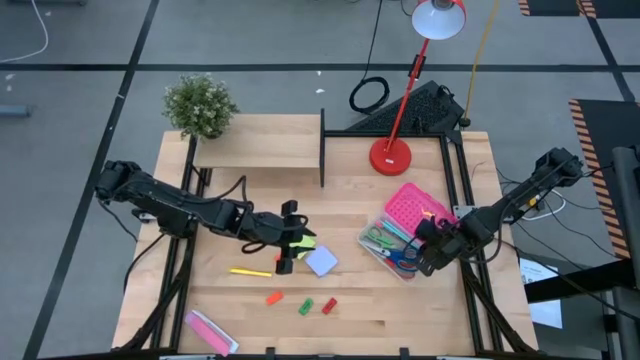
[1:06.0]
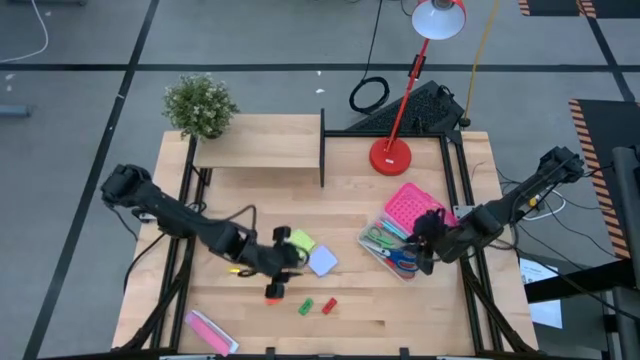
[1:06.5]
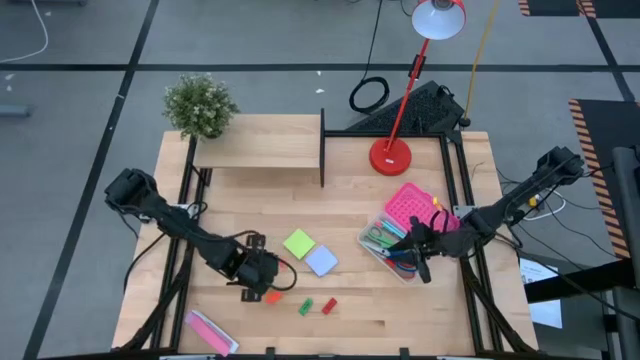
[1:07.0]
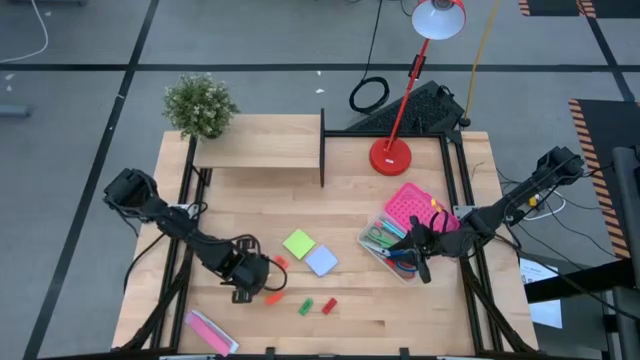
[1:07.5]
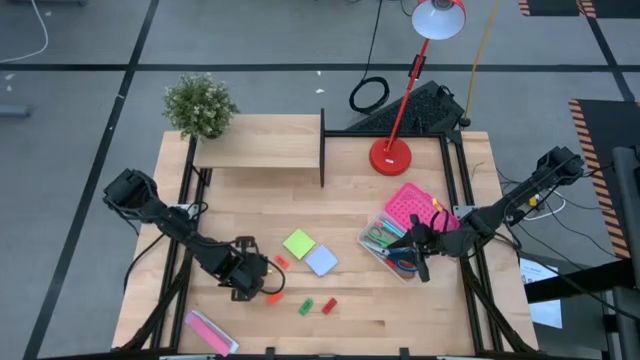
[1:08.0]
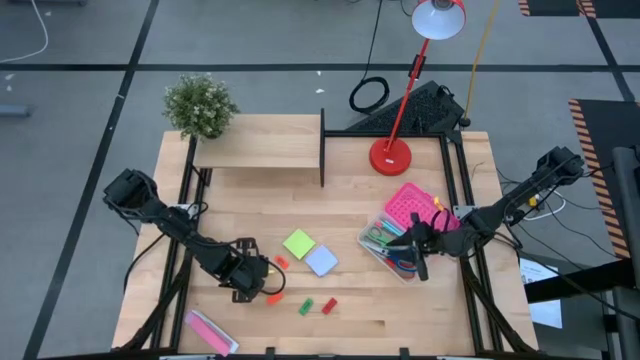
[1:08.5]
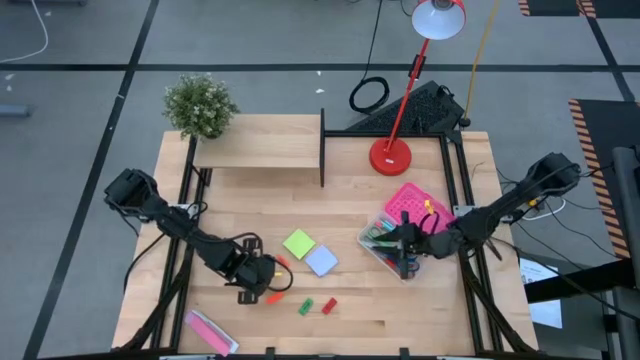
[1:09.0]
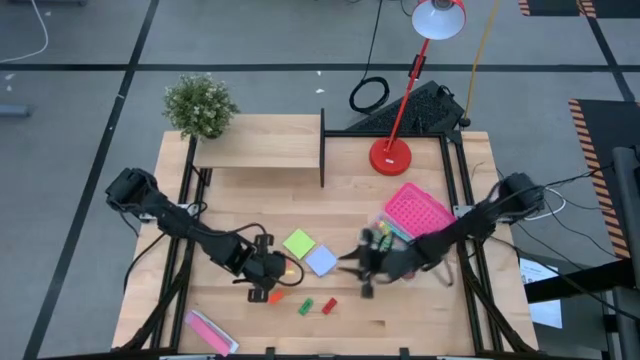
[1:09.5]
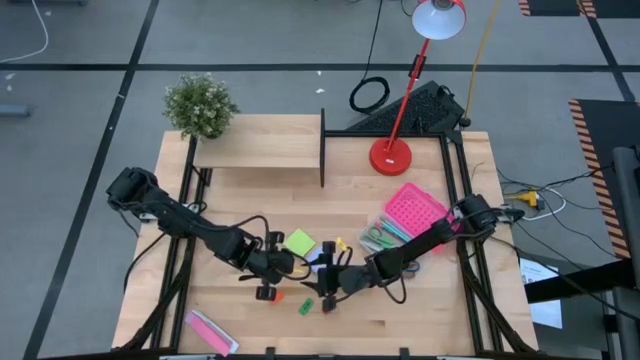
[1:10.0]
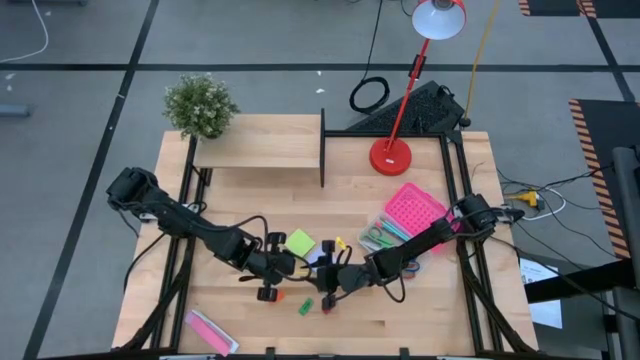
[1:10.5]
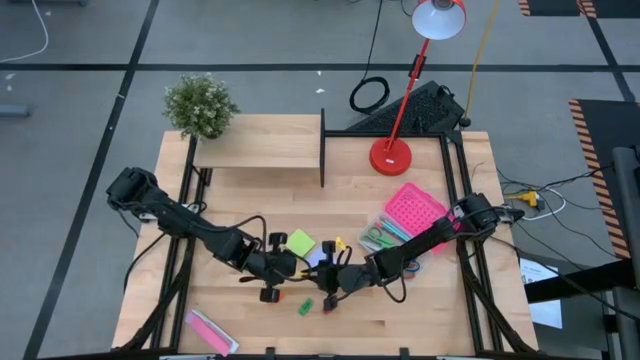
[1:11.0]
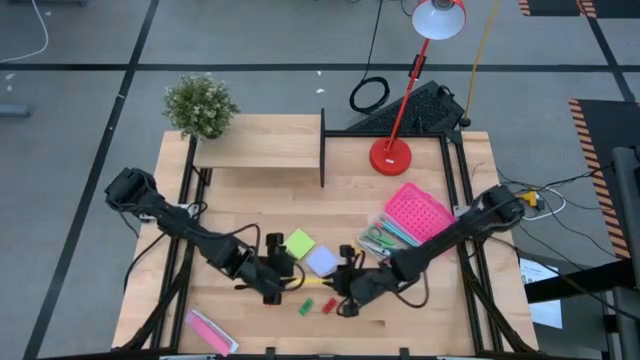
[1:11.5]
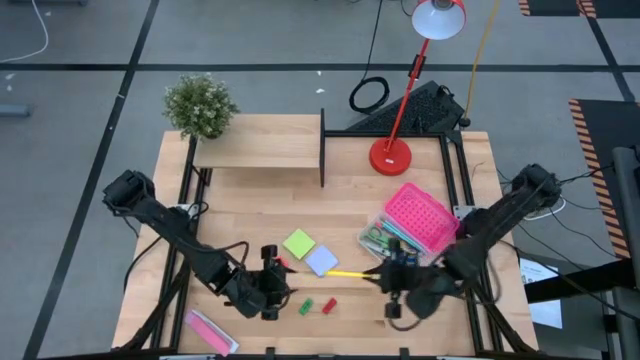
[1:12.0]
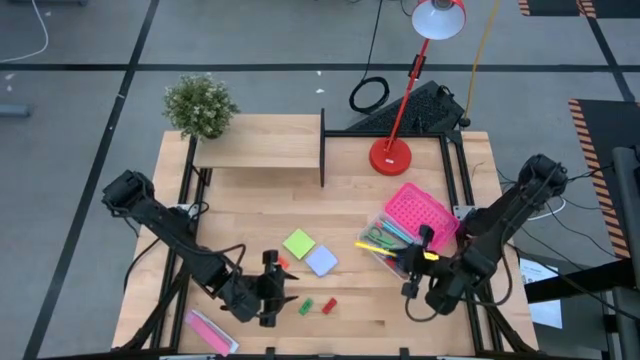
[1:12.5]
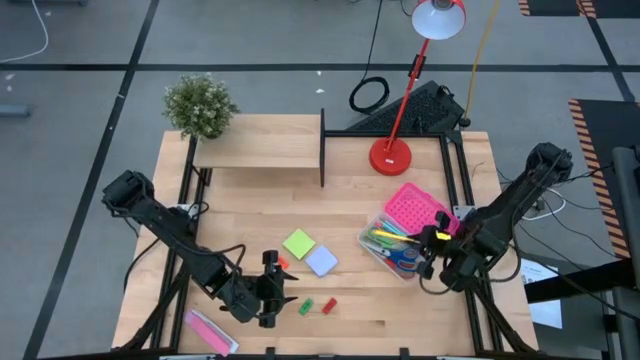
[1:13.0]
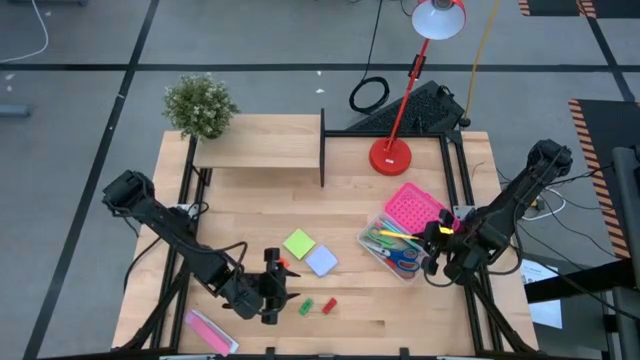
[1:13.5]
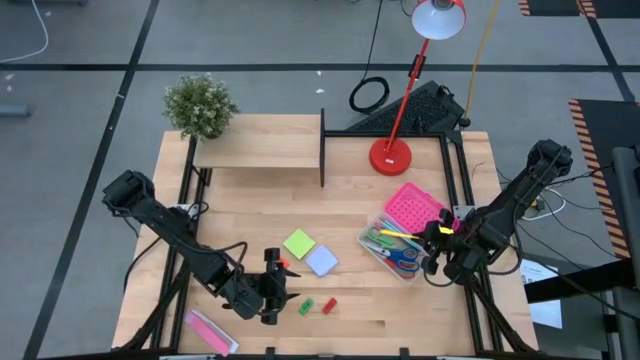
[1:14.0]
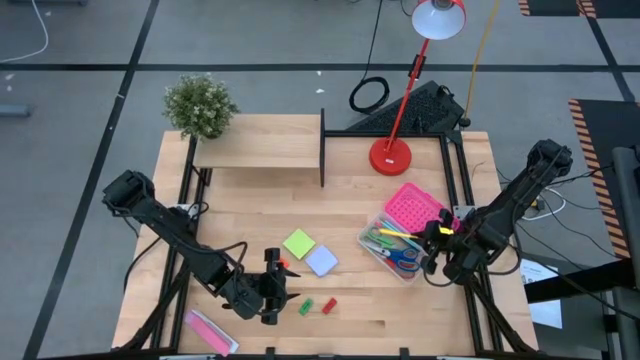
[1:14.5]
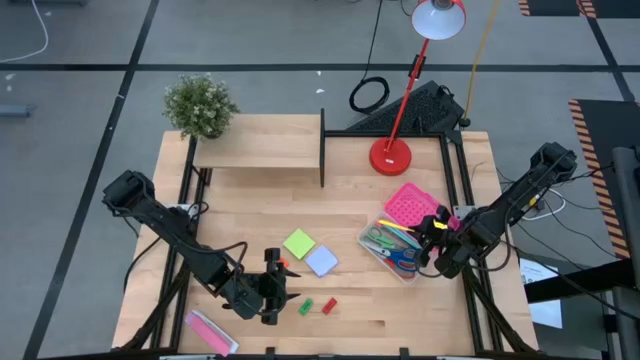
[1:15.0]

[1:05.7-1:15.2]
Put the yellow pen into the pink supply box
- - - - -
[PROBLEM DESCRIPTION] With the pictures omitted, the material is to be transcribed exactly.

[YOUR RESPONSE]
[1:06.0]
[1:06.5]
[1:07.0]
[1:07.5]
[1:08.0]
[1:08.5]
[1:09.0]
[1:09.5]
[1:10.0]
[1:10.5]
[1:11.0]
[1:11.5]
[1:12.0]
[1:12.5]
[1:13.0]
[1:13.5]
[1:14.0]
[1:14.5]
[1:15.0]

[1:05.7-1:15.2]
Put the yellow pen into the pink supply box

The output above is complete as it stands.